Arrow Pratt measure

from Wikipedia, the free encyclopedia

The Arrow-Pratt measure named after Kenneth Arrow and John W. Pratt is a measure of the risk aversion of a decision maker, whereby a distinction must be made between the Arrow-Pratt measure of the absolute risk aversion ARA and that of the relative risk aversion RRA .

The Arrow-Pratt measure of absolute risk aversion

Let be a twice differentiable, monotonically increasing utility function , then the Arrow-Pratt measure of the absolute risk aversion for this utility function is defined as follows:

.

Negative values ​​imply risk appetite ( risk affinity ) and positive values ​​risk aversion ( risk aversion ). If the measure finally assumes the value zero, the decision maker is risk-neutral .

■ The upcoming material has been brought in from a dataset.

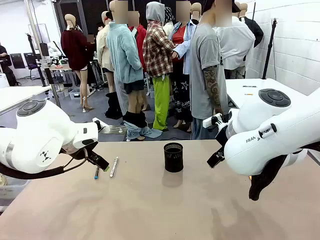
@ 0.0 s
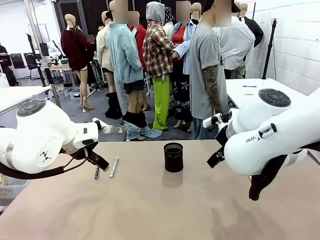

A decision maker is more risk averse than another decision maker if, based on their utility functions and their Arrow-Pratt measures, the following applies:

.

The derivation of the measure of absolute risk aversion

indicates the change in risk attitudes with increased income. If, for example, all possible incomes that can result from the decision-making situation are increased by a constant value, a positive value of the derivation of ARA allows the statement that the decision maker will increase his risk aversion or risk appetite, depending on the value of ARA, a negative one Value that he will be less risk-averse or risk-averse, and a value of zero that increasing all possible incomes will not affect his decision-making behavior.

Selected examples

Utility functions can be differentiated according to whether their ARA is constant, increasing or decreasing.

  • CARA (constant absolute risk aversion or English constant absolute risk aversion ):
(Function and its inverse functions)
  • IARA (increasing absolute risk aversion or English Increasing absolute risk aversion ):
  • DARA (decreasing absolute risk aversion or English Decreasing absolute risk aversion ):

There is also a widely used class of hyperbolic ARA functions (hence HARA), for example:

  • HARA (hyperbolic absolute risk aversion):

The Arrow-Pratt measure of relative risk aversion

The Arrow-Pratt measure of relative risk aversion is calculated as follows:

It therefore corresponds to the marginal utility elasticity of the possible income, which expresses a change in the willingness to take risks with changed possible income from the decision. If the degree of relative risk aversion is constant, the decision maker will not change his decision if all possible incomes are transformed evenly and linearly. A linear relative risk aversion means a decreasing or increasing risk aversion with an increase in the possible profits, depending on whether the measure of the RRA is negative or positive - the derivation of the RRA provides information on this.

Selected examples

Utility functions with constant relative risk aversion measure and their inverse functions are for example the functions

  • CRRA:
  • IRRA:

In the general case of constant relative risk aversion (CRRA) , the isoelastic utility function results .

meaning

The Arrow-Pratt measures are invariant to a positive linear transformation of the utility function and are therefore suitable for the Neumann / Morgenstern theory .

The risk aversion observed via the Arrow-Pratt measures often decreases with increasing wealth. In the insurance market this means, for example, that wealthy people demand less insurance (or have a lower risk premium). For the capital market , this means that as wealth increases, investors increasingly invest in risky assets.

RRA recognizes that wealth and risk may be related to some extent. This means that in the event that a larger asset is exposed to a greater risk than a smaller asset, the RRA would be the appropriate metric to measure risk aversion.

Individual evidence

  1. ^ Doubt, Peter, and Roland Eisen. Insurance economics. Springer Science & Business Media, 2012. p. 49.

literature

  • Arrow, Kenneth J .: Essays in the Theory of Risk-Bearing . Amsterdam, 1970, ISBN 072043047X .
  • Pratt, John W .: Risk Aversion in the Small and in the Large . Econometrica, Vol. 32, No. 1/2, pp. 122-136, 1966.